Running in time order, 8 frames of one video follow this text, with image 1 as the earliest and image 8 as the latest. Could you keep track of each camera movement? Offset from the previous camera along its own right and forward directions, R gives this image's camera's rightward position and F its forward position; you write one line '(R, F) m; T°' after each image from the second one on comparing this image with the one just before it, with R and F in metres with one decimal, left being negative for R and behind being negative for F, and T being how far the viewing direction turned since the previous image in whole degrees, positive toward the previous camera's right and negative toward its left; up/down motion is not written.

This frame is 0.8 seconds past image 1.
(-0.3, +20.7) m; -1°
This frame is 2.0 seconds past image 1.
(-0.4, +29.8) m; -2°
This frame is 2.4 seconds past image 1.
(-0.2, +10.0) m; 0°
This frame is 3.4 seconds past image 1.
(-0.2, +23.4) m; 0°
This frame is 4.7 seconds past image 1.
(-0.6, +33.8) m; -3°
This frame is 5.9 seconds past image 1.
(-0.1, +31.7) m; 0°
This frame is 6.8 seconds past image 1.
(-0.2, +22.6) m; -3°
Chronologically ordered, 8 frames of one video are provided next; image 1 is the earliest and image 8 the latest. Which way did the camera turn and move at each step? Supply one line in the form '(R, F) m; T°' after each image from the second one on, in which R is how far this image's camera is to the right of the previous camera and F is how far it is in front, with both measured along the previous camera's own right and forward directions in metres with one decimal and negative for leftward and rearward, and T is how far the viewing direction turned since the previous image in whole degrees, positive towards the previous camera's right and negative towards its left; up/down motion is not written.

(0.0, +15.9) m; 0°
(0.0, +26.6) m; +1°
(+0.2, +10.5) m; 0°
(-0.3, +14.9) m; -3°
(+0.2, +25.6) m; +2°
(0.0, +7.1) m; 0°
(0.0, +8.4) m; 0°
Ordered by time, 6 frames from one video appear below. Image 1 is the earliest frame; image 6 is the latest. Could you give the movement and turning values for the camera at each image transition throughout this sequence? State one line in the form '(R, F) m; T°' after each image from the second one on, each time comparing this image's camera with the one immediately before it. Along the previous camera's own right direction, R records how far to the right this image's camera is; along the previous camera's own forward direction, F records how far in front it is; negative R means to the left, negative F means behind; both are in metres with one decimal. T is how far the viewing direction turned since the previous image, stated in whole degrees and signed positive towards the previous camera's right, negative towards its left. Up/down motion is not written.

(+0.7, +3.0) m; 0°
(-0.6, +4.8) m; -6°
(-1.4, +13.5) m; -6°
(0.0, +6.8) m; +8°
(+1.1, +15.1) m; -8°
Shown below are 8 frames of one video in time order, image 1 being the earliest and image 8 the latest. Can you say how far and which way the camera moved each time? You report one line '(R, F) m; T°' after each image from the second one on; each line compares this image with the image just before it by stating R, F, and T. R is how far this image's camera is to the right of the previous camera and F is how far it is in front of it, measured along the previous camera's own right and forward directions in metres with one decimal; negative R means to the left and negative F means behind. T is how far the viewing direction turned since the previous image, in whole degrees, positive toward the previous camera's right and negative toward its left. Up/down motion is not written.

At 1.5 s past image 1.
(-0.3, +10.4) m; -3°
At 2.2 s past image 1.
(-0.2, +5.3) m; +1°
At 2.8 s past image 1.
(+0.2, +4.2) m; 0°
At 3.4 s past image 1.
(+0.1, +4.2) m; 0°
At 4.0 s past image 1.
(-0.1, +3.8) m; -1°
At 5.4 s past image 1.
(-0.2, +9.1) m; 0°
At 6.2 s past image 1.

■ ■ ■ ■

Exercise details
Your task is to transcribe all of the entries word for word.

Exercise result
Running in time order, 8 frames of one video follow this text, with image 1 as the earliest and image 8 as the latest. Could you keep track of each camera movement? Offset from the previous camera along its own right and forward directions, R gives this image's camera's rightward position and F its forward position; you write one line '(R, F) m; T°' after each image from the second one on comparing this image with the one just before it, with R and F in metres with one decimal, left being negative for R and behind being negative for F, and T being how far the viewing direction turned since the previous image in whole degrees, positive toward the previous camera's right and negative toward its left; up/down motion is not written.

This frame is 0.8 seconds past image 1.
(-0.3, +20.7) m; -1°
This frame is 2.0 seconds past image 1.
(-0.4, +29.8) m; -2°
This frame is 2.4 seconds past image 1.
(-0.2, +10.0) m; 0°
This frame is 3.4 seconds past image 1.
(-0.2, +23.4) m; 0°
This frame is 4.7 seconds past image 1.
(-0.6, +33.8) m; -3°
This frame is 5.9 seconds past image 1.
(-0.1, +31.7) m; 0°
This frame is 6.8 seconds past image 1.
(-0.2, +22.6) m; -3°
Chronologically ordered, 8 frames of one video are provided next; image 1 is the earliest and image 8 the latest. Which way did the camera turn and move at each step? Supply one line in the form '(R, F) m; T°' after each image from the second one on, in which R is how far this image's camera is to the right of the previous camera and F is how far it is in front, with both measured along the previous camera's own right and forward directions in metres with one decimal and negative for leftward and rearward, and T is how far the viewing direction turned since the previous image in whole degrees, positive towards the previous camera's right and negative towards its left; up/down motion is not written.

(0.0, +15.9) m; 0°
(0.0, +26.6) m; +1°
(+0.2, +10.5) m; 0°
(-0.3, +14.9) m; -3°
(+0.2, +25.6) m; +2°
(0.0, +7.1) m; 0°
(0.0, +8.4) m; 0°
Ordered by time, 6 frames from one video appear below. Image 1 is the earliest frame; image 6 is the latest. Could you give the movement and turning values for the camera at each image transition throughout this sequence? State one line in the form '(R, F) m; T°' after each image from the second one on, each time comparing this image's camera with the one immediately before it. Along the previous camera's own right direction, R records how far to the right this image's camera is; along the previous camera's own forward direction, F records how far in front it is; negative R means to the left, negative F means behind; both are in metres with one decimal. T is how far the viewing direction turned since the previous image, stated in whole degrees and signed positive towards the previous camera's right, negative towards its left. Up/down motion is not written.

(+0.7, +3.0) m; 0°
(-0.6, +4.8) m; -6°
(-1.4, +13.5) m; -6°
(0.0, +6.8) m; +8°
(+1.1, +15.1) m; -8°
Shown below are 8 frames of one video in time order, image 1 being the earliest and image 8 the latest. Can you say how far and which way the camera moved each time? You report one line '(R, F) m; T°' after each image from the second one on; each line compares this image with the image just before it by stating R, F, and T. R is how far this image's camera is to the right of the previous camera and F is how far it is in front of it, measured along the previous camera's own right and forward directions in metres with one decimal; negative R means to the left and negative F means behind. T is how far the viewing direction turned since the previous image, in whole degrees, positive toward the previous camera's right and negative toward its left. Up/down motion is not written.

At 1.5 s past image 1.
(-0.3, +10.4) m; -3°
At 2.2 s past image 1.
(-0.2, +5.3) m; +1°
At 2.8 s past image 1.
(+0.2, +4.2) m; 0°
At 3.4 s past image 1.
(+0.1, +4.2) m; 0°
At 4.0 s past image 1.
(-0.1, +3.8) m; -1°
At 5.4 s past image 1.
(-0.2, +9.1) m; 0°
At 6.2 s past image 1.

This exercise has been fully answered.